The following morning, I meet Martina from Slow Venice for a watery escape into the heart of another world, the tranquil islands of the Venetian lagoon. This time we head off in a traditional flat-bottomed boat, called a bragozzo. This thing of beauty was the favourite craft of fishermen in the 18th and 19th centuries but now, with skipper Paolo in charge, it takes me away from the tourist hordes.
The city of Venice sits roughly in the centre of the huge, naturally-formed lagoon. Islands are scattered all through the 200sqm it covers. We head to the northern side of Cannaregio, chugging contentedly past the cemetery island of San Michele and then the island of Murano, famed for its glass producers. A narrow channel leads us alongside the greenest part of Venice, the island of Sant’Erasmo, where vineyards and market gardens provide produce for Rialto’s famous food market – especially its prized artichokes.
Our first stop is the island of San Francesco del Deserto, where a 13th-century Franciscan monastery and cloisters sit in a wonderfully tranquil spot surrounded by landscaped gardens. From here I can see the island of Burano, which is where we’re headed later, but first we dock in the neighbouring island of Torcello, which in its heyday was more powerful than Venice itself. Now it’s a sleepy place with a population that barely touches double figures. Its seventh-century Byzantine cathedral has some of the Western world’s finest mosaics, and its 11th-century bell tower has superb views across the lagoon.
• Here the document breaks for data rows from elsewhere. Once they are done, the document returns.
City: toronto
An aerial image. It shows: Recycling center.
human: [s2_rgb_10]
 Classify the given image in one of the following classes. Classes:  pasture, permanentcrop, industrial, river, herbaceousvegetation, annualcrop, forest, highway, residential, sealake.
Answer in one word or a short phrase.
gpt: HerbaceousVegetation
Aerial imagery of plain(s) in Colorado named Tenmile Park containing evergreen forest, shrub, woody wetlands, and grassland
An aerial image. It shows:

The fishermen’s cottages of Burano are a riot of colour, as if children had been let loose with a giant box of paints. According to local legend, the cottages’ vivid hues were intended as beacons for fishermen lost in the notorious Venetian fog.
I look out for the blue façade of Trattoria al Gatto Nero (gattonero.com), which makes one of the most delectable seafood risottos I’ve ever had. I take the chance to savour grilled razor clams and delicate scallops before I hop on my second private boat of the day (and the third of the weekend). This time, joining fisherman Sebastiano into the depths of the lagoon on the hunt for cuttlefish.
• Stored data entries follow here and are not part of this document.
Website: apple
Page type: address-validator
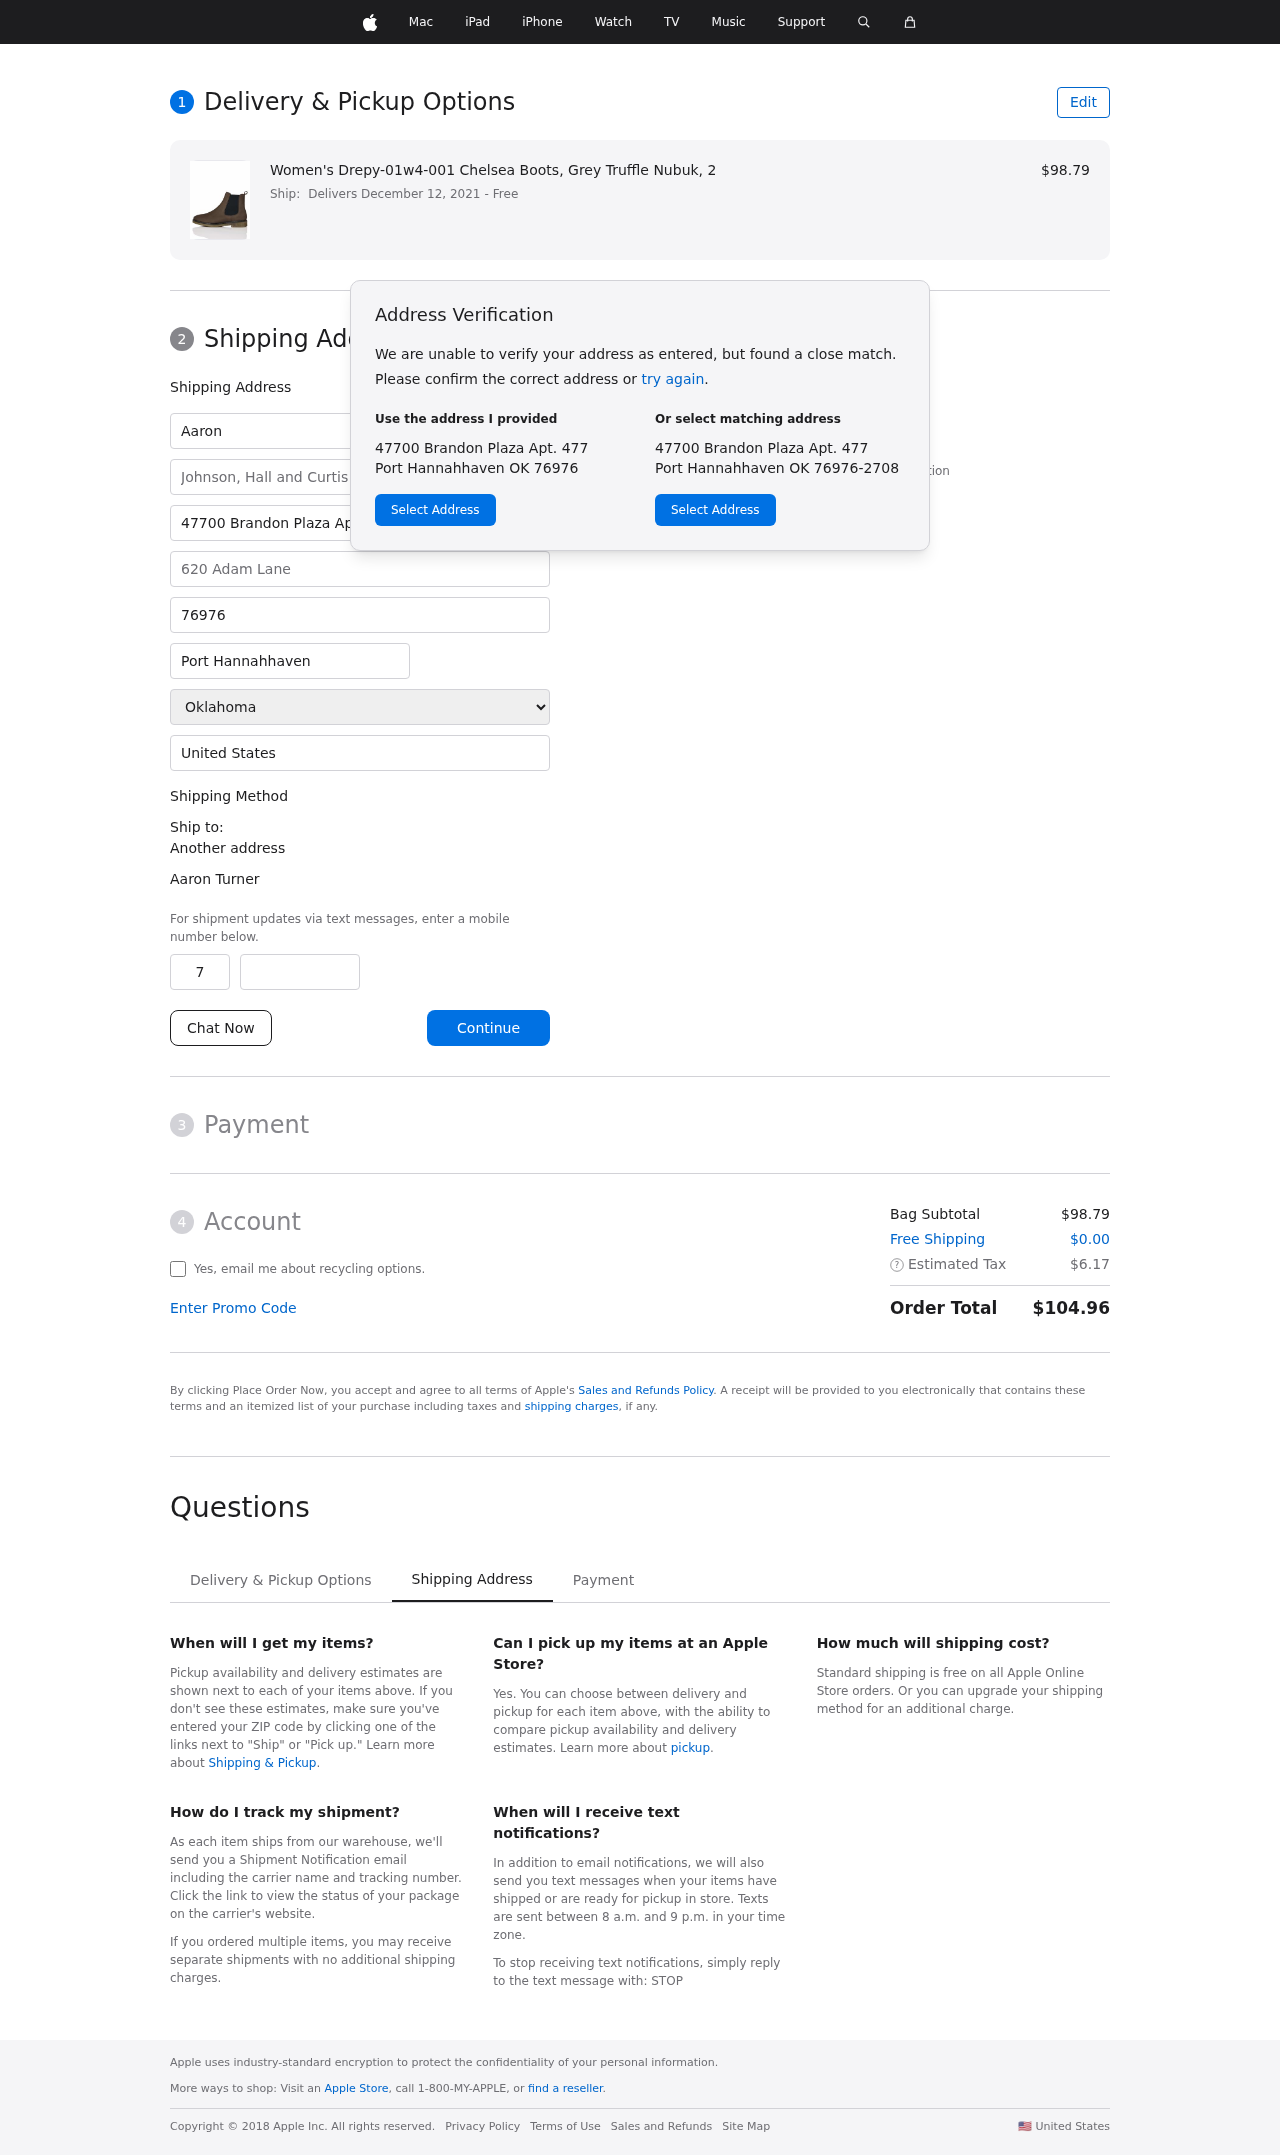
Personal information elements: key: PII_CITY
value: Port Hannahhaven
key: PII_COMPANY
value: Johnson, Hall and Curtis
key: PII_COUNTRY
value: United States
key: PII_FIRSTNAME
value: Aaron
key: PII_FULLNAME
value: Aaron Turner
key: PII_LASTNAME
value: Turner
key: PII_PHONE_AREA
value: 733
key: PII_PHONE_SUFFIX
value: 8158
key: PII_POSTCODE
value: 76976
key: PII_STATE
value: Oklahoma
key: PII_STREET
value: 47700 Brandon Plaza Apt. 477
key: PII_STREET2
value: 620 Adam Lane
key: PII_CITY_STATE_ZIP
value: Port Hannahhaven OK 76976
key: PII_STATE_ABBR
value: OK
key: PII_POSTCODE_FULL
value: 76976
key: PII_POSTCODE_NUMERIC
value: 76976
Product elements: key: PRODUCT1_NAME
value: Women's Drepy-01w4-001 Chelsea Boots, Grey Truffle Nubuk, 2
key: PRODUCT1_PRICE
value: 98.79
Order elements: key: ORDER_DELIVERY_DATE
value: Delivers December 12, 2021
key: ORDER_SUBTOTAL
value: $98.79
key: ORDER_SHIPPING_COST
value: $0.00
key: ORDER_TAX
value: $6.17
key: ORDER_TOTAL
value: $104.96

If I thought that Paolo had taken his boat to the back of beyond in this vast lagoon, Sebastiano goes even further. Endless salt marshes and deserted islands add to the overwhelming feeling of wilderness. Unfortunately for Sebastiano, the cuttlefish appear to be in hiding, leaving him with empty nets. I spot a couple of men on a mud flat digging for clams, for all the world looking as if they were sinking into the mud, but evidently having better luck.
With my boating adventures concluded, a sudden turn in the weather has me duck into the fantastically chaotic interior of the Acqua Alta bookshop in Castello. “Eccentric” doesn’t begin to describe it. Taking a slow ramble through the Accademia I see Venice as it was centuries ago in paintings by the Renaissance artist Bellini and his contemporaries. On the canvases are a voga here and a bragozzo there – the past coming to meet the present in this city of marvels.